Con el tiempo, Dexter empezó a atraer la atención equivocada. Su propiedad se convirtió en una vergüenza estética tan grande que su esposa pronto abandonó el barco para irse a vivir a otro lugar del barrio; en su ausencia, el hijo de Dexter, un muchacho malhumorado que, como su padre, no disfrutaba de aprender, se mudó allí. En poco tiempo, la casa se convirtió en una especie de “bagnio” (burdel): se sucedían largas noches de bufonadas de borrachos, en las que las mujeres iban y venían, y los elegantes interiores (incluidas las cortinas que alguna vez pertenecieron a la reina de Francia) pronto se cubrieron de “manchas indecorosas, ofensivas a la vista y al olfato”.

El excéntrico emprendedor

Cuando Dexter compró varios barcos grandes y anunció sus intenciones de iniciar un negocio de comercio internacional, sus vecinos hartos aprovecharon la oportunidad para ofrecerle horribles inversiones, con la esperanza de que se arruinara y se viera obligado a mudarse.

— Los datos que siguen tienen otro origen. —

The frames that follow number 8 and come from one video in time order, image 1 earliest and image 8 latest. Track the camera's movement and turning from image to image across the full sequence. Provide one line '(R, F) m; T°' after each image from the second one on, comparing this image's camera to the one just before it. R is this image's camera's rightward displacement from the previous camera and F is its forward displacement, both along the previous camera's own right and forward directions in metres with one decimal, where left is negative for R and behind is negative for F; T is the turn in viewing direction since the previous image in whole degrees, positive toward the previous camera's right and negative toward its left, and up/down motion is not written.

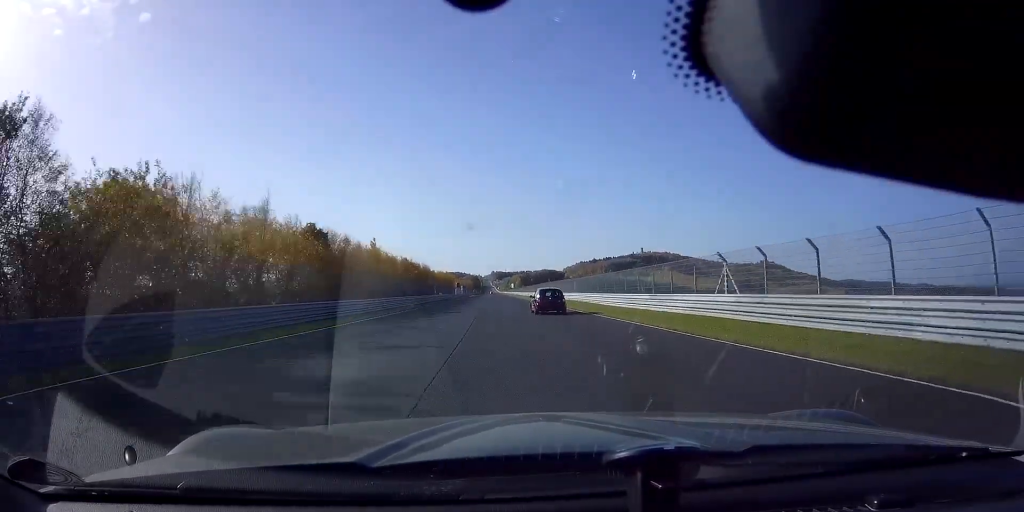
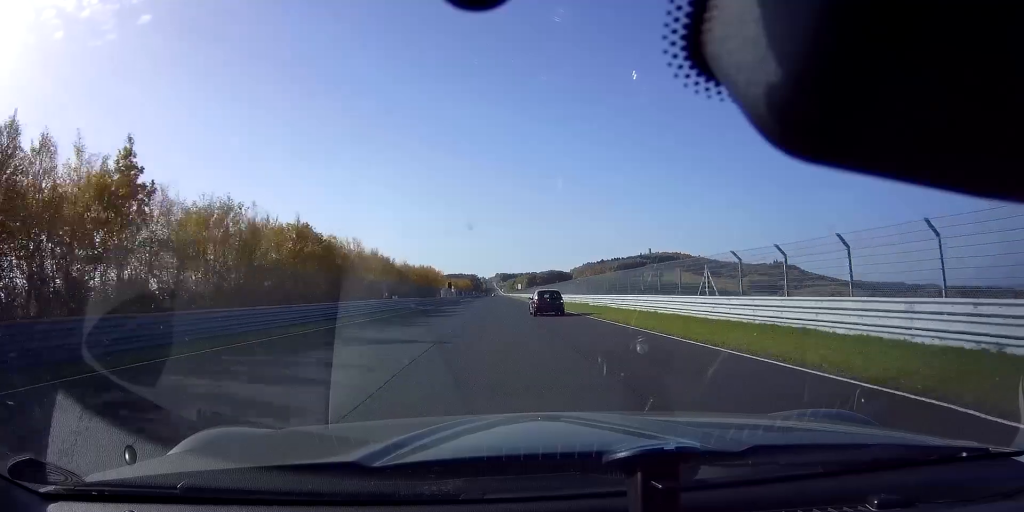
(-0.1, +46.4) m; -1°
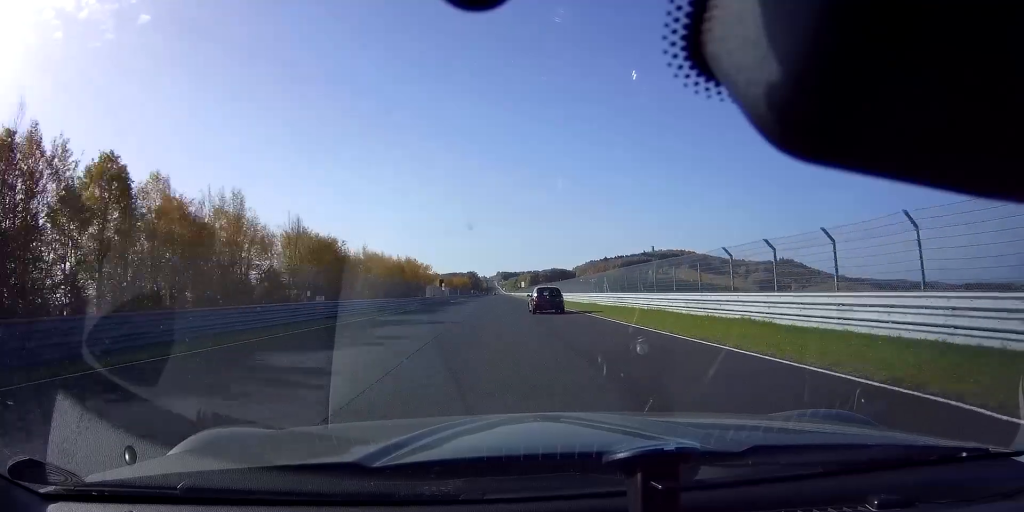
(-0.1, +23.5) m; 0°
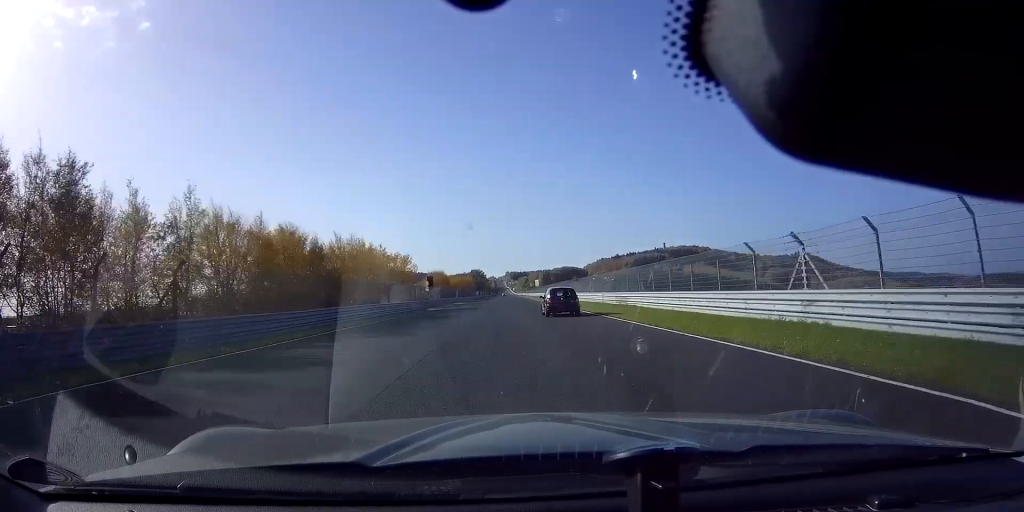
(-0.1, +33.7) m; 0°
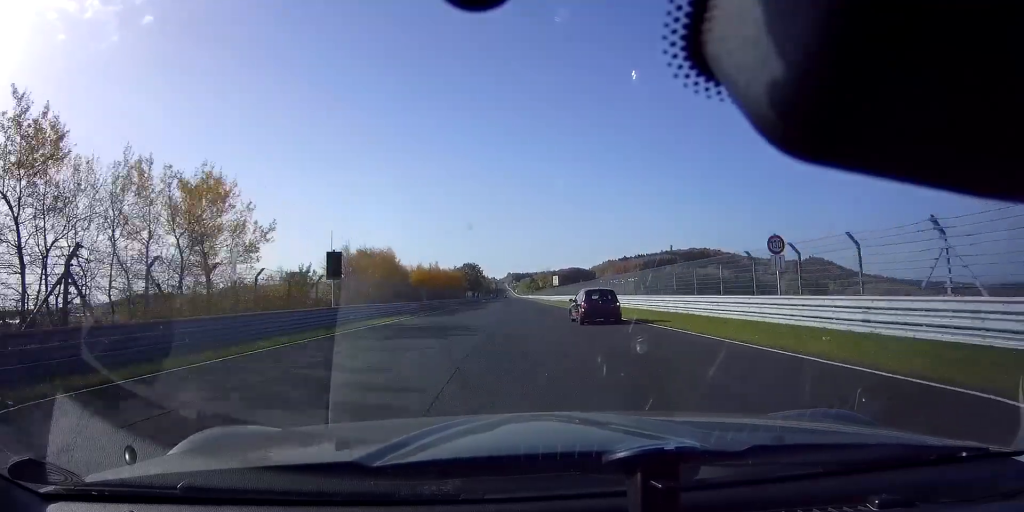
(-0.2, +54.5) m; 0°
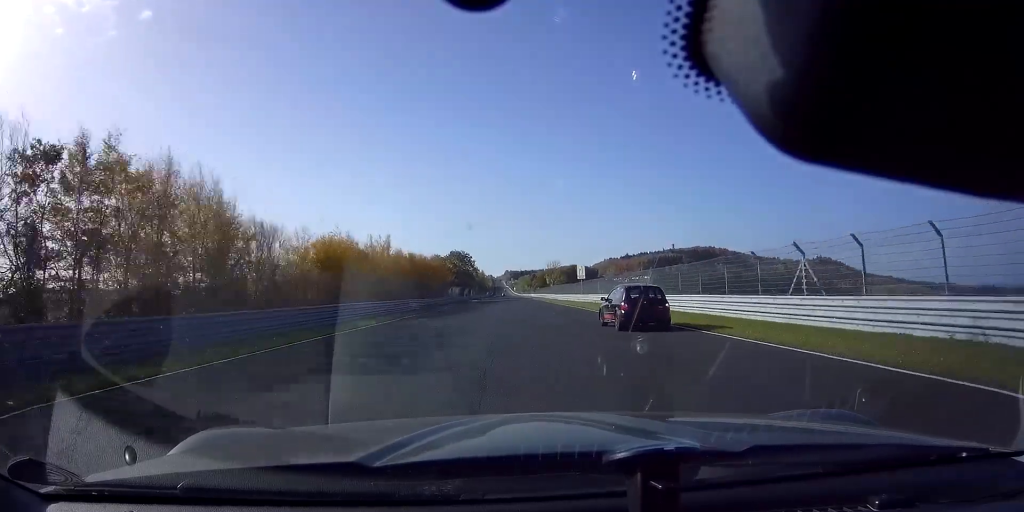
(-0.1, +39.4) m; 0°
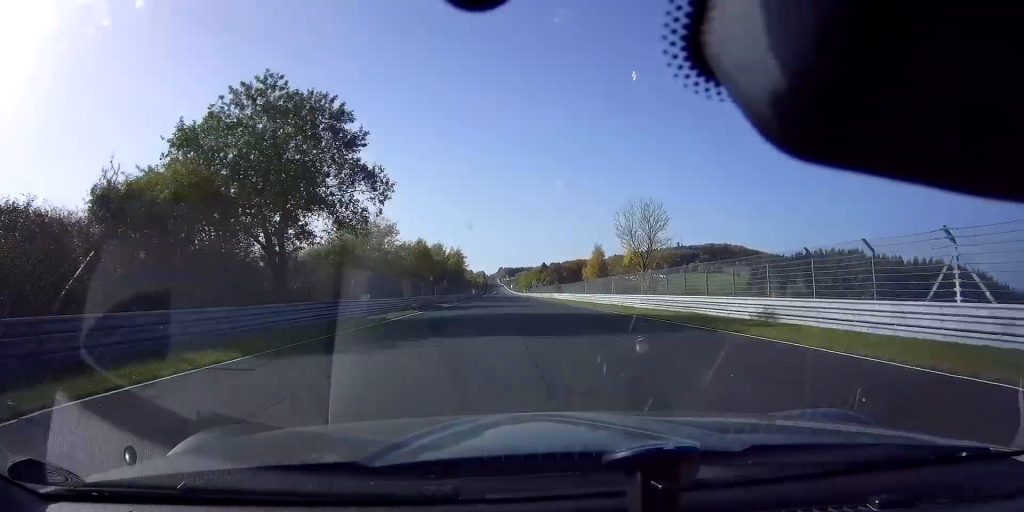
(+0.7, +104.4) m; +1°
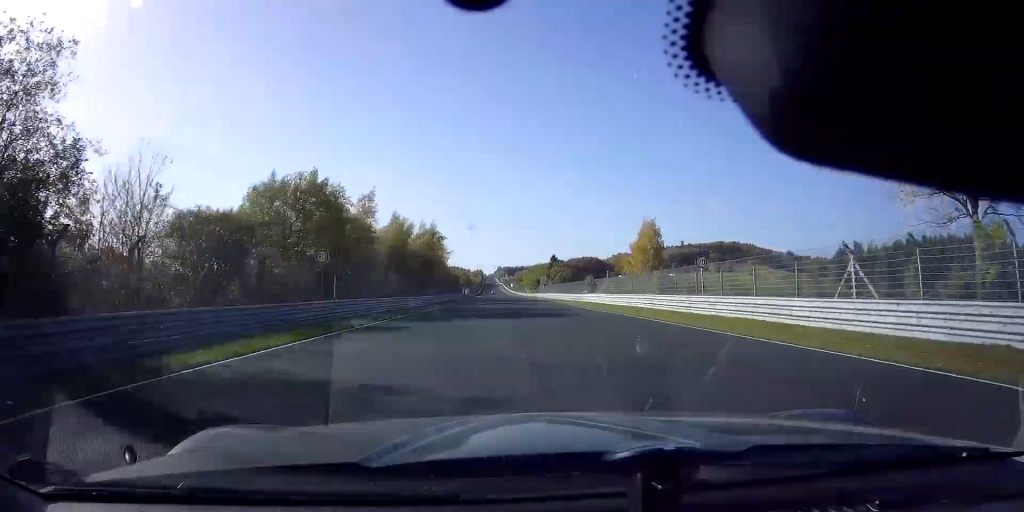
(+0.1, +42.3) m; 0°
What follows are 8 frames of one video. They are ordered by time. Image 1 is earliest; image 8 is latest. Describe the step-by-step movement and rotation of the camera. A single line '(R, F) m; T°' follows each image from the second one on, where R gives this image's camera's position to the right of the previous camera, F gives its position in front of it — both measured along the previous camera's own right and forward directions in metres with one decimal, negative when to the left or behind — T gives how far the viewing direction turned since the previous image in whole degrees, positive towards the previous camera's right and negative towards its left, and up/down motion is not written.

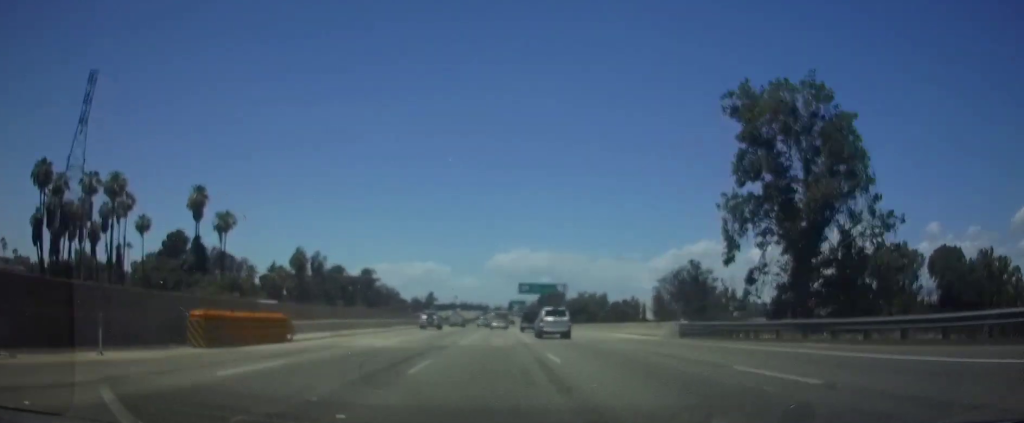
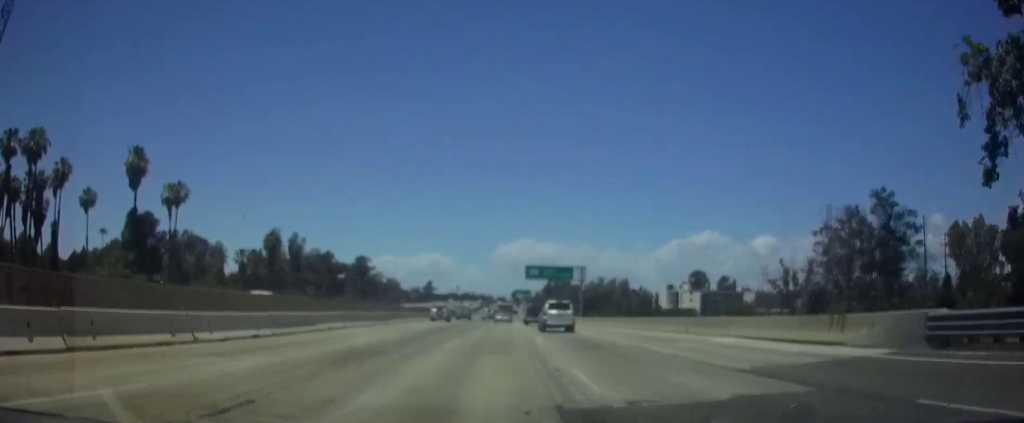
(-0.1, +21.1) m; 0°
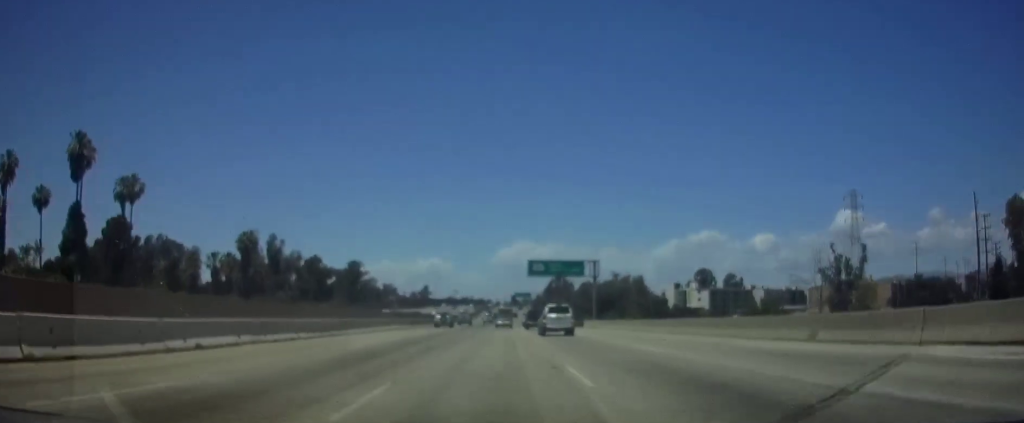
(0.0, +13.9) m; 0°
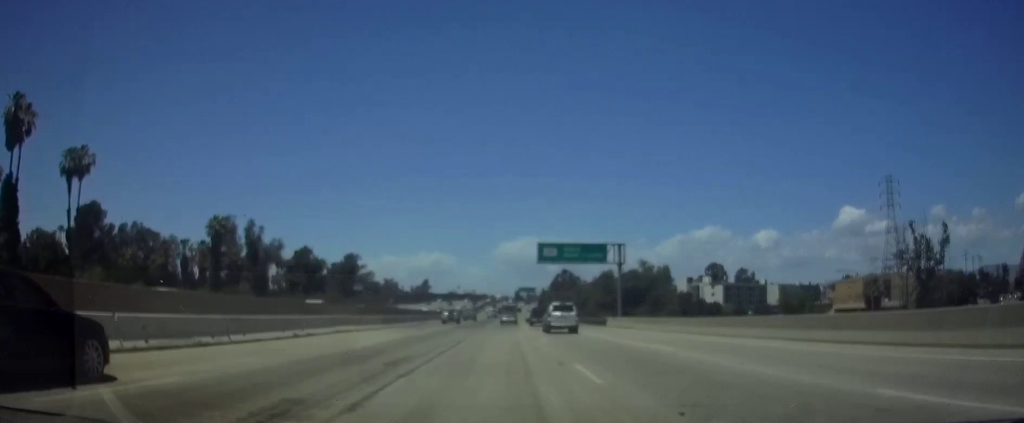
(0.0, +14.7) m; 0°
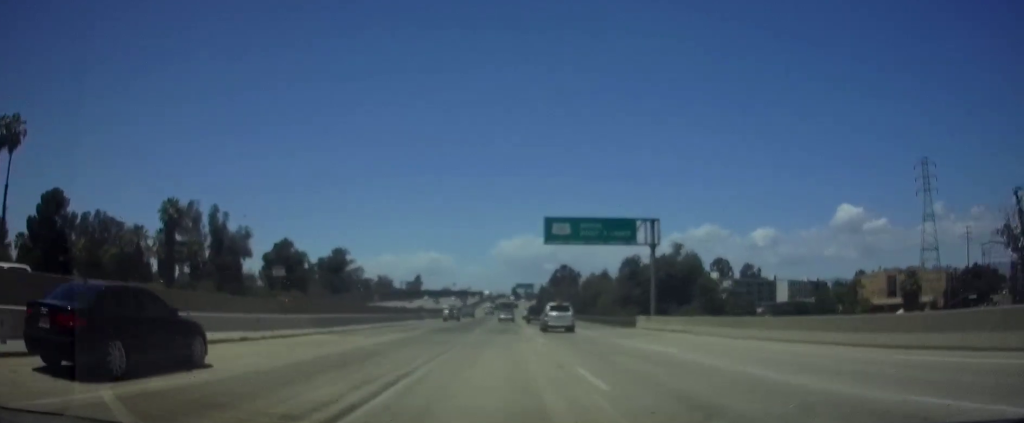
(-0.1, +15.5) m; 0°
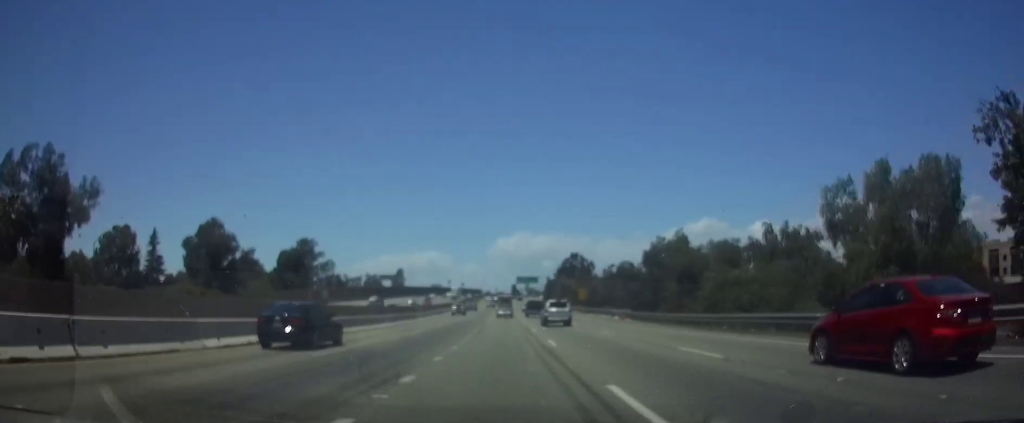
(+0.2, +47.9) m; 0°
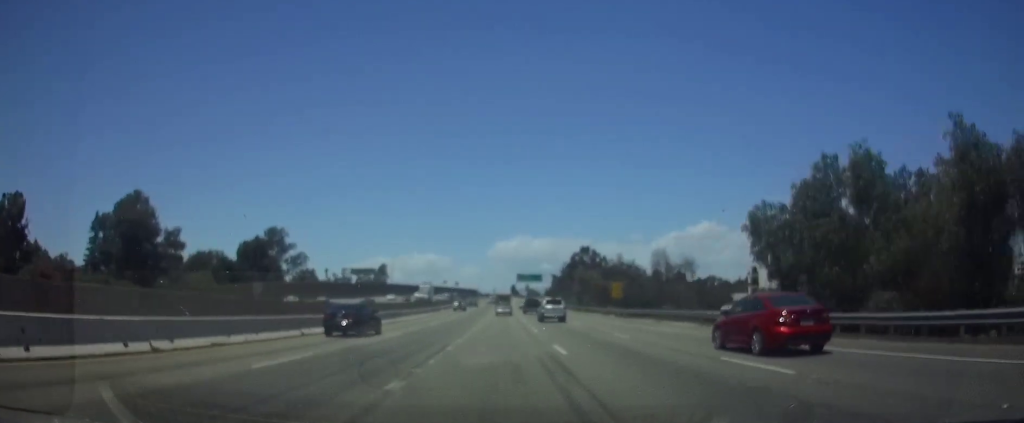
(-0.1, +33.4) m; 0°
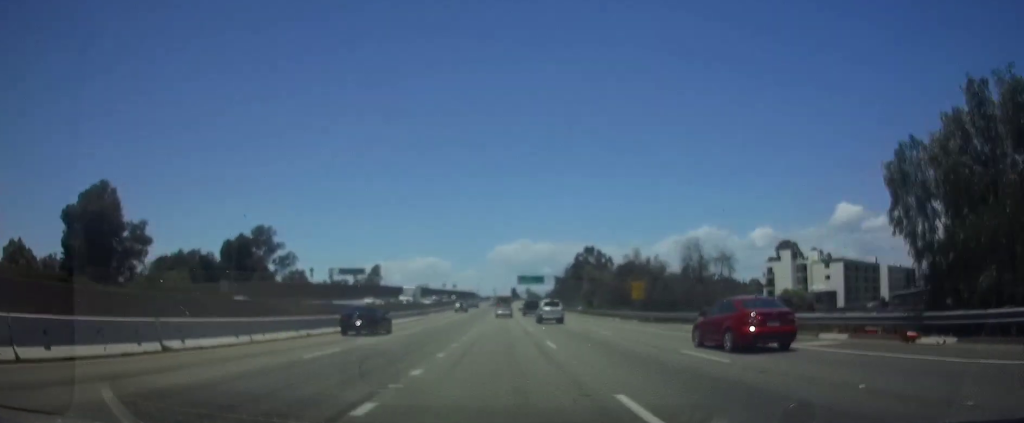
(+0.1, +11.4) m; 0°

Uno de estos vecinos recomendó a Dexter que vendiera ollas para calentar ( unas ollas de latón anchas y planas con mangos largos que se usaban para calentar camas en el siglo XVIII ) en las Indias Occidentales (un territorio colonial europeo conocido por su clima cálido durante todo el año). El confiado Dexter compró nada menos que 42.000 ollas, las distribuyó en nueve barcos de carga y se dispuso a venderlas; sus acciones, al mismo tiempo, provocaron carcajadas atronadoras de los comerciantes experimentados. Pero fue Dexter quien se llevó la última risa: cuando llegó y no vio que necesitaba aparatos para calentar, los rebautizó como cucharones y los vendió a los propietarios de plantaciones de azúcar y melaza. La demanda fue tan grande que cada propietario clamó por comprar al menos tres o cuatro; Dexter aumentó el precio de las ollas en un 79% y regresó con una fortuna aún mayor.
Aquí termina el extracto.